Only certain lines below are wanted: those starting at the line containing "Net Financing Cash Flow: 1,620" and ending at the line containing "(7-5) 定义 7.1", both included, each retyped exactly.

Dataset excerpts
⟨

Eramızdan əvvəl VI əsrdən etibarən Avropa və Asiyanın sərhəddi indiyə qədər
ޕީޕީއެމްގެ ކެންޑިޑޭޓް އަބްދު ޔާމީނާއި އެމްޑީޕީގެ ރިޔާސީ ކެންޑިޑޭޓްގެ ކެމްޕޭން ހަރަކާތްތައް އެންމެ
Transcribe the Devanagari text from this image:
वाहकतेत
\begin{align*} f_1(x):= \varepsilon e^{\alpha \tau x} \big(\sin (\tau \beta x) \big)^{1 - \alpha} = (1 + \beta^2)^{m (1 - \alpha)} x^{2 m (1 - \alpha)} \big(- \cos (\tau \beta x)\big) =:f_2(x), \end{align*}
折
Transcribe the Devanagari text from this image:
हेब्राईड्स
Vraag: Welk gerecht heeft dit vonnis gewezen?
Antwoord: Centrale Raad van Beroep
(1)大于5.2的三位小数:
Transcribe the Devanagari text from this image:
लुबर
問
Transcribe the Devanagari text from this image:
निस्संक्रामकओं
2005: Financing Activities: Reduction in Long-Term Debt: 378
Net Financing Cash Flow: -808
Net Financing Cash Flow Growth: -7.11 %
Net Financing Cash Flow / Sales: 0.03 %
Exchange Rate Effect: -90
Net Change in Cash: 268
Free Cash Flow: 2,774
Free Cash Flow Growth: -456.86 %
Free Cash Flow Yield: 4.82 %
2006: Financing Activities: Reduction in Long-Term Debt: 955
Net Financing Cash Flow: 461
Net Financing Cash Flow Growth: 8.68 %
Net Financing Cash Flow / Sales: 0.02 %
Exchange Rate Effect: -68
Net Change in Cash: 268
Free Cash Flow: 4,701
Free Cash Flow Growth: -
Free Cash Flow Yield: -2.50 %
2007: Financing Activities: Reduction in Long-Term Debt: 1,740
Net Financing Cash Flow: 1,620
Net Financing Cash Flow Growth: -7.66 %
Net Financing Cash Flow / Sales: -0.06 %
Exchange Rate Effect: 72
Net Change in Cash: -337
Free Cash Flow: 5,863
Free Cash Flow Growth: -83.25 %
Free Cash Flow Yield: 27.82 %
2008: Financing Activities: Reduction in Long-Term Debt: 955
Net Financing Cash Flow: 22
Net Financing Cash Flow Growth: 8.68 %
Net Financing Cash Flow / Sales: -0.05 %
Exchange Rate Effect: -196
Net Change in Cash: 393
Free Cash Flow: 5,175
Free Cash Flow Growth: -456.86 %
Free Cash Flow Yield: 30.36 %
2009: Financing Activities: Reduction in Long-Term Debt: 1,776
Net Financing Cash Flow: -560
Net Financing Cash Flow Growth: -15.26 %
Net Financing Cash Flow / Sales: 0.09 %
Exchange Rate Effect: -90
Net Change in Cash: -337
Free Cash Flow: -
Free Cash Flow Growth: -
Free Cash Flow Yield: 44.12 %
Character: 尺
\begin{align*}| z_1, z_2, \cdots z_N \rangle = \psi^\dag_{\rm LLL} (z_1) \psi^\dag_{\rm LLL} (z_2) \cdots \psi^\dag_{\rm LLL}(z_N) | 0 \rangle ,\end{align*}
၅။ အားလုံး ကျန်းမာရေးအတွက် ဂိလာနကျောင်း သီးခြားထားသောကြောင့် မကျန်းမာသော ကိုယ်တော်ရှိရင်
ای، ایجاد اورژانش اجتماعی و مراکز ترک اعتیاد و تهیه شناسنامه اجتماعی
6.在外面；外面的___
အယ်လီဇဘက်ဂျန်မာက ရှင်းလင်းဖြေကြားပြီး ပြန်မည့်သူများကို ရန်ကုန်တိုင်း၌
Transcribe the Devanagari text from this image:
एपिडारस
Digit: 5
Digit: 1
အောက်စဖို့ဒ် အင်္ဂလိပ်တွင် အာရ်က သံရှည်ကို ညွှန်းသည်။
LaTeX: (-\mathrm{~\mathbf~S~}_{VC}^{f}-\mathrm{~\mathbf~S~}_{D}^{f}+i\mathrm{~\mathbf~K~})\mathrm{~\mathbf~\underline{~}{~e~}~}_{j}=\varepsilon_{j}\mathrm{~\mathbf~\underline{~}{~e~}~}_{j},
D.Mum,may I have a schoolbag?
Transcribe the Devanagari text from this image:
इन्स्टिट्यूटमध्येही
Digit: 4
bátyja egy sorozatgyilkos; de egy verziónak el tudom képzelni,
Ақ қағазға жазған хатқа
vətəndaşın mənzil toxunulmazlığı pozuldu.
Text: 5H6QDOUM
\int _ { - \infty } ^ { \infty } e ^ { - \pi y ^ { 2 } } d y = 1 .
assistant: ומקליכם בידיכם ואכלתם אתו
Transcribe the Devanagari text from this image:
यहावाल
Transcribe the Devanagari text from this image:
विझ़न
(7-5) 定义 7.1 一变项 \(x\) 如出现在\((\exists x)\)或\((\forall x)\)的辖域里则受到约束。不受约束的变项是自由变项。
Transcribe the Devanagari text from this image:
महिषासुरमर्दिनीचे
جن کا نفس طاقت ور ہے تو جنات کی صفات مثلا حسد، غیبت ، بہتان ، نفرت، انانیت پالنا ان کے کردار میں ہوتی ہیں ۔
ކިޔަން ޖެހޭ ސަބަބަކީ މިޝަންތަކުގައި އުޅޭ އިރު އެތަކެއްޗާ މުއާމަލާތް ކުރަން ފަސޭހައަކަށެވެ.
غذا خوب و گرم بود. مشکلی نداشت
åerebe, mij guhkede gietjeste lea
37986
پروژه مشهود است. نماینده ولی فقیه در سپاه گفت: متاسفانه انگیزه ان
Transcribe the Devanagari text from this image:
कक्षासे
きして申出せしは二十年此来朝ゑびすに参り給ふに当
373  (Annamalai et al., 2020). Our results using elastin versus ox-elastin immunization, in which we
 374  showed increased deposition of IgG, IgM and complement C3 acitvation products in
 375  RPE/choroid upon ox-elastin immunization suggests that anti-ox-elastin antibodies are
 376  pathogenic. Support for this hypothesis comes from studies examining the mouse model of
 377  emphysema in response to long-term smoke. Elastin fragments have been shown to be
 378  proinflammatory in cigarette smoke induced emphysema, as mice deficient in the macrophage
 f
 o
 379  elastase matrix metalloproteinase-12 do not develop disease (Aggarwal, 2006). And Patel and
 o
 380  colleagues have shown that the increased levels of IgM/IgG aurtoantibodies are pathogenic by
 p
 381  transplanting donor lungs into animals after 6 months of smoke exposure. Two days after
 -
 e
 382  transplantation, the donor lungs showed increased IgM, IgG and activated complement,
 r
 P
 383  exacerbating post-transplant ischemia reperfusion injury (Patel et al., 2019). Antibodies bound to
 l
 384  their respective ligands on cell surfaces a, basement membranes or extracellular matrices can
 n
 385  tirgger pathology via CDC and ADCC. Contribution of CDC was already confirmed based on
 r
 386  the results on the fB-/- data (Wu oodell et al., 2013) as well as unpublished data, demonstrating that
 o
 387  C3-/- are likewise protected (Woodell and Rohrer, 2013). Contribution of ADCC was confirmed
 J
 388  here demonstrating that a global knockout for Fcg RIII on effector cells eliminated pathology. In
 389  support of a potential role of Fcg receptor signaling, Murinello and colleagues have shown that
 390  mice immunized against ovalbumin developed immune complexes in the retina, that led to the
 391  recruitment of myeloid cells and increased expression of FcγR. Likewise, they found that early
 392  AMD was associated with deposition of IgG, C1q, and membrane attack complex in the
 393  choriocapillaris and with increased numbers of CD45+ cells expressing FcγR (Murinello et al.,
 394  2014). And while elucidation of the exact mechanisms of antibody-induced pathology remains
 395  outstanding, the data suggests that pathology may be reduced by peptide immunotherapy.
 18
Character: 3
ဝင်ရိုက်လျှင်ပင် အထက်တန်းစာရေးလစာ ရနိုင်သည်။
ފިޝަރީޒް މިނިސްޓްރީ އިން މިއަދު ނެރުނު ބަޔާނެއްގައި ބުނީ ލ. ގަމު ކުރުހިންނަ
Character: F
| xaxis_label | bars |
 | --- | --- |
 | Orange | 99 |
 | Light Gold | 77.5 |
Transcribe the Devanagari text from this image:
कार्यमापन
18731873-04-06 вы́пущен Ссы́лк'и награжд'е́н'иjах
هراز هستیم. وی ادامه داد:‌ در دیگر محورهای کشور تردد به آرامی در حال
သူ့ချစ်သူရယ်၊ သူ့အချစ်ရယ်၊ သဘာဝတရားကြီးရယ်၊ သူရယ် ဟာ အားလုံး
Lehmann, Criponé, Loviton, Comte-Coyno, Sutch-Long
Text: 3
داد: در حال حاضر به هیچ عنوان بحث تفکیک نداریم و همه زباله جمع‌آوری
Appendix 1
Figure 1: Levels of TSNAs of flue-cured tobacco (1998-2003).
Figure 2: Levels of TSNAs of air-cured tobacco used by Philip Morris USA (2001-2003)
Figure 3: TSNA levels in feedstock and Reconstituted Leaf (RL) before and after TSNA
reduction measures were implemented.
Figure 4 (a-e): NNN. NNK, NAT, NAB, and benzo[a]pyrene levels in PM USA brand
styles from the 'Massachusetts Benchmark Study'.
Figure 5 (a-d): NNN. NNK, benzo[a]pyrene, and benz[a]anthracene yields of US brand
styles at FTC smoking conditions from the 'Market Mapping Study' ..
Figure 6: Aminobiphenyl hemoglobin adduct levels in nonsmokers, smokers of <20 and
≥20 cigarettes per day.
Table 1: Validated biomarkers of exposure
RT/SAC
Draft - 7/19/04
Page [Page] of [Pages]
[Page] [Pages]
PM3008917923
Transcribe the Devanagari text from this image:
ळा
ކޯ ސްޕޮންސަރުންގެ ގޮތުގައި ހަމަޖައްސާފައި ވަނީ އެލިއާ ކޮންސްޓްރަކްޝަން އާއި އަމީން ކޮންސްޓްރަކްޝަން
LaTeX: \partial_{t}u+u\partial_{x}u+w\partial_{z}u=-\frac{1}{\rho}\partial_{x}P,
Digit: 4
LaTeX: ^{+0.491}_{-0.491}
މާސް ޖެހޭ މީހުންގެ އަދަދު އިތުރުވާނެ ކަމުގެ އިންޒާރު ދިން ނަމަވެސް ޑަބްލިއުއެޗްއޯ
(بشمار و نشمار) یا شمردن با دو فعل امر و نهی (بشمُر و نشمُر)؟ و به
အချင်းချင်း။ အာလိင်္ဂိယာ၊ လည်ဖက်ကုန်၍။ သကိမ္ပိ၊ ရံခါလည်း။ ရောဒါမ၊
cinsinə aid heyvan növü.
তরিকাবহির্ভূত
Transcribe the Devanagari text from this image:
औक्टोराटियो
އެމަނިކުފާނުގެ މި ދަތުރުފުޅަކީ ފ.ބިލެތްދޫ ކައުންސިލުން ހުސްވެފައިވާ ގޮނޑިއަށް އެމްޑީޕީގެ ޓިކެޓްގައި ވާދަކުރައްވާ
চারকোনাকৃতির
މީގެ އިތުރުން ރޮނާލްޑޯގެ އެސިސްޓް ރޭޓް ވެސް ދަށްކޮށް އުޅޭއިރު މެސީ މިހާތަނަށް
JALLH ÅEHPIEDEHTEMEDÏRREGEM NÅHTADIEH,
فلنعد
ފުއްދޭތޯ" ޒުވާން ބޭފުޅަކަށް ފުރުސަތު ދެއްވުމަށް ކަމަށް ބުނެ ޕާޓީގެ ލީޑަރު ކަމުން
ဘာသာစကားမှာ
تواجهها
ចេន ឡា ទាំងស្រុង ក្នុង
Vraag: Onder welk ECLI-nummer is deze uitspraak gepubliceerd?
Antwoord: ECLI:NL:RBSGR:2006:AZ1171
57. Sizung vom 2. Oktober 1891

⟩

### [Answer to the exercise]
Net Financing Cash Flow: 1,620
Net Financing Cash Flow Growth: -7.66 %
Net Financing Cash Flow / Sales: -0.06 %
Exchange Rate Effect: 72
Net Change in Cash: -337
Free Cash Flow: 5,863
Free Cash Flow Growth: -83.25 %
Free Cash Flow Yield: 27.82 %
2008: Financing Activities: Reduction in Long-Term Debt: 955
Net Financing Cash Flow: 22
Net Financing Cash Flow Growth: 8.68 %
Net Financing Cash Flow / Sales: -0.05 %
Exchange Rate Effect: -196
Net Change in Cash: 393
Free Cash Flow: 5,175
Free Cash Flow Growth: -456.86 %
Free Cash Flow Yield: 30.36 %
2009: Financing Activities: Reduction in Long-Term Debt: 1,776
Net Financing Cash Flow: -560
Net Financing Cash Flow Growth: -15.26 %
Net Financing Cash Flow / Sales: 0.09 %
Exchange Rate Effect: -90
Net Change in Cash: -337
Free Cash Flow: -
Free Cash Flow Growth: -
Free Cash Flow Yield: 44.12 %
Character: 尺
\begin{align*}| z_1, z_2, \cdots z_N \rangle = \psi^\dag_{\rm LLL} (z_1) \psi^\dag_{\rm LLL} (z_2) \cdots \psi^\dag_{\rm LLL}(z_N) | 0 \rangle ,\end{align*}
၅။ အားလုံး ကျန်းမာရေးအတွက် ဂိလာနကျောင်း သီးခြားထားသောကြောင့် မကျန်းမာသော ကိုယ်တော်ရှိရင်
ای، ایجاد اورژانش اجتماعی و مراکز ترک اعتیاد و تهیه شناسنامه اجتماعی
6.在外面；外面的___
အယ်လီဇဘက်ဂျန်မာက ရှင်းလင်းဖြေကြားပြီး ပြန်မည့်သူများကို ရန်ကုန်တိုင်း၌
Transcribe the Devanagari text from this image:
एपिडारस
Digit: 5
Digit: 1
အောက်စဖို့ဒ် အင်္ဂလိပ်တွင် အာရ်က သံရှည်ကို ညွှန်းသည်။
LaTeX: (-\mathrm{~\mathbf~S~}_{VC}^{f}-\mathrm{~\mathbf~S~}_{D}^{f}+i\mathrm{~\mathbf~K~})\mathrm{~\mathbf~\underline{~}{~e~}~}_{j}=\varepsilon_{j}\mathrm{~\mathbf~\underline{~}{~e~}~}_{j},
D.Mum,may I have a schoolbag?
Transcribe the Devanagari text from this image:
इन्स्टिट्यूटमध्येही
Digit: 4
bátyja egy sorozatgyilkos; de egy verziónak el tudom képzelni,
Ақ қағазға жазған хатқа
vətəndaşın mənzil toxunulmazlığı pozuldu.
Text: 5H6QDOUM
\int _ { - \infty } ^ { \infty } e ^ { - \pi y ^ { 2 } } d y = 1 .
assistant: ומקליכם בידיכם ואכלתם אתו
Transcribe the Devanagari text from this image:
यहावाल
Transcribe the Devanagari text from this image:
विझ़न
(7-5) 定义 7.1 一变项 \(x\) 如出现在\((\exists x)\)或\((\forall x)\)的辖域里则受到约束。不受约束的变项是自由变项。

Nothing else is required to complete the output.